# B&S 6.5HP OHV: Bent Intake Pushrod



## Colt Hero (Apr 23, 2007)

Briggs and Stratton, 6.5HP, OHV, model#121682 (I believe). End of last season discovered a bent intake pushrod. Finally got around to dismantling the engine this weekend. The intake (larger) valve appears to be stuck in the cylinder head - won't move freely like the exhaust valve does. Not sure what to do. I was going to apply force, but I thought I'd get a second opinion first. On the rocker-arm side, comparing the two valves, it looks like the cylinder head has a small circular silver "collar" through which the exhaust valve shaft moves freely, but with the intake valve it looks like this "collar" may have been pushed into the hole because it's flat or even recessed. Could this be the reason the intake valve's shaft is stuck? Also, I noticed that the valves didn't have the same hardware on the rocker arm side. The exhaust valve has a spring, retainer, and cap. The intake valve has these three pieces PLUS an extra circular "cupped" washer that sits between the face of the cylinder head and the spring. It seems like BOTH valves should have this piece since it seems to act as a "seat" for the spring, but the springs have never been removed, so this is the way it came from the factory. Also, I put this piece on the exhaust side to see how it fit and it didn't sit flush due to the "collar" I mentioned above - which led me to believe that the intake's recessed (or pushed in) "collar" might be OK. 

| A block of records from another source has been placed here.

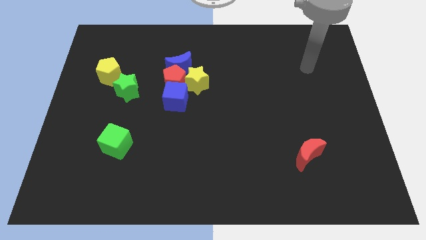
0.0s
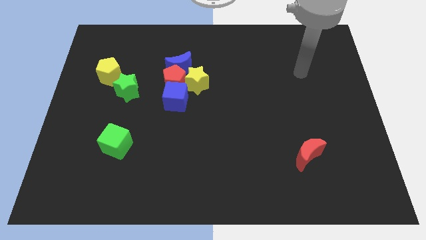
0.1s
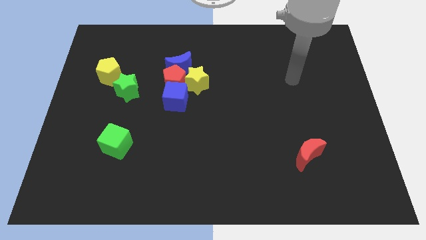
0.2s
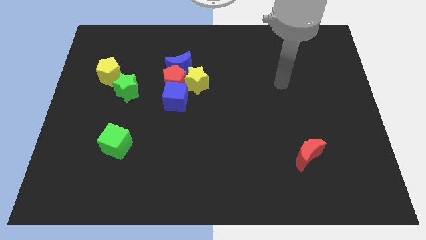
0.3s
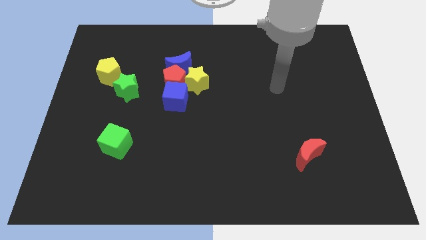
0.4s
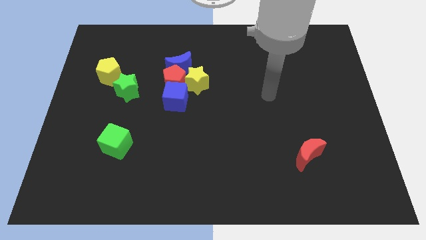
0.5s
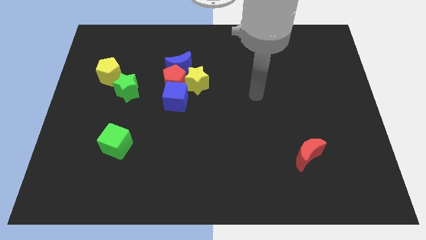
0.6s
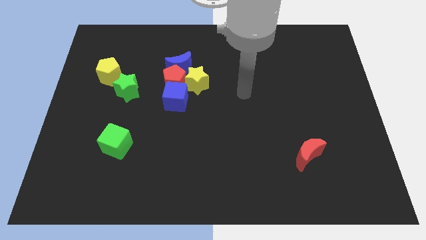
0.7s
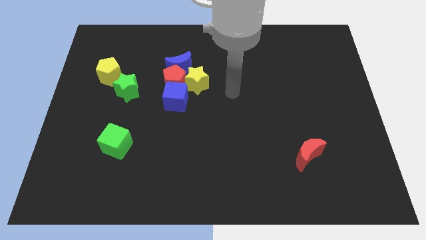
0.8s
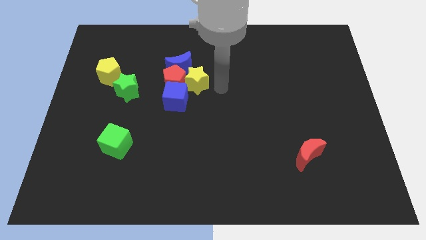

How should I free up the intake valve? The tappets appear to be working OK inside the engine when I turn it, so I'd like to just install the new pushrod and see if she'll start up again. Also, how do I find TDC on this thing? I think I need to do that, right?


----------



## oscaryu1 (Mar 25, 2007)

use a bit of force, and does the intake come out at all?


----------



## Colt Hero (Apr 23, 2007)

I ended up lightly tapping the intake valve out with a hammer and nail punch. After cleanup everything looks pretty pristine to me. I bought some valve lubricant and a sheet of cork to cut a new valve cover gasket. The head gasket is made of rigid material and looks to be reusable. I will try to put it all back together this coming weekend. Hoping for the best. At least it'll be very clean and full of oil for once. Not sure how the pushrods and valves will pan out. Not even completely sure how to time the engine. I think I need to get the piston to the TOP of the cylinder when both valves are closed (which I think I'll do by placing the pushrods into the tappets against my palm as I turn the flywheel). Then, what is it - when the piston is about 1/4" down from the top of the cylinder, the valve clearances between the caps and rocker arms needs to be verified? Do I really need to do this since I haven't altered the rocker arm nuts or their stud nuts against the face of the head? Shouldn't it all still be right? Still not sure after cleaning out the head that those "collars" around the holes that the pushrods go through are right. As I said before, the exhaust "collar" is raised up above the surface of the aluminum plate bolted to the face of the head, but the intake's "collar" is recessed below this plate into the hole. If you look from the backside of the head you can see this cylinder sleeve inside on the intake side, but no such "sleeve" on the exhaust side. Found a B&S repair book in a bookstore this past weekend that had color pictures inside. One picture appeared to show the head with the raised and recessed "collars" I mention, so that made me feel a bit better. Still looks weird to me...


----------



## 30yearTech (Sep 14, 2006)

You should check the valve clearances after reassembly, gasket compression can make a difference, as well as the push rod. It would be a good idea to replace the head gasket, but thats up to you. Make sure the valve guide is not loose in the head or you may have a repeat of the bent push rod in short order.

Good Luck....


----------



## Colt Hero (Apr 23, 2007)

The valve guide or the pushrod guide? The valve guides must be those "collars" I've been questioning. They look solid (but assymetric). The pushrod guides are the plastic/nylon inserts (I think) and those look OK too. Somehow, I'm in the state I'm in because the intake valve seized up causing the tappet to crush the pushrod against the rocker arm of the frozen valve. Maybe it was lack of oil? I think some oil had been getting by the valve cover before this all happened. 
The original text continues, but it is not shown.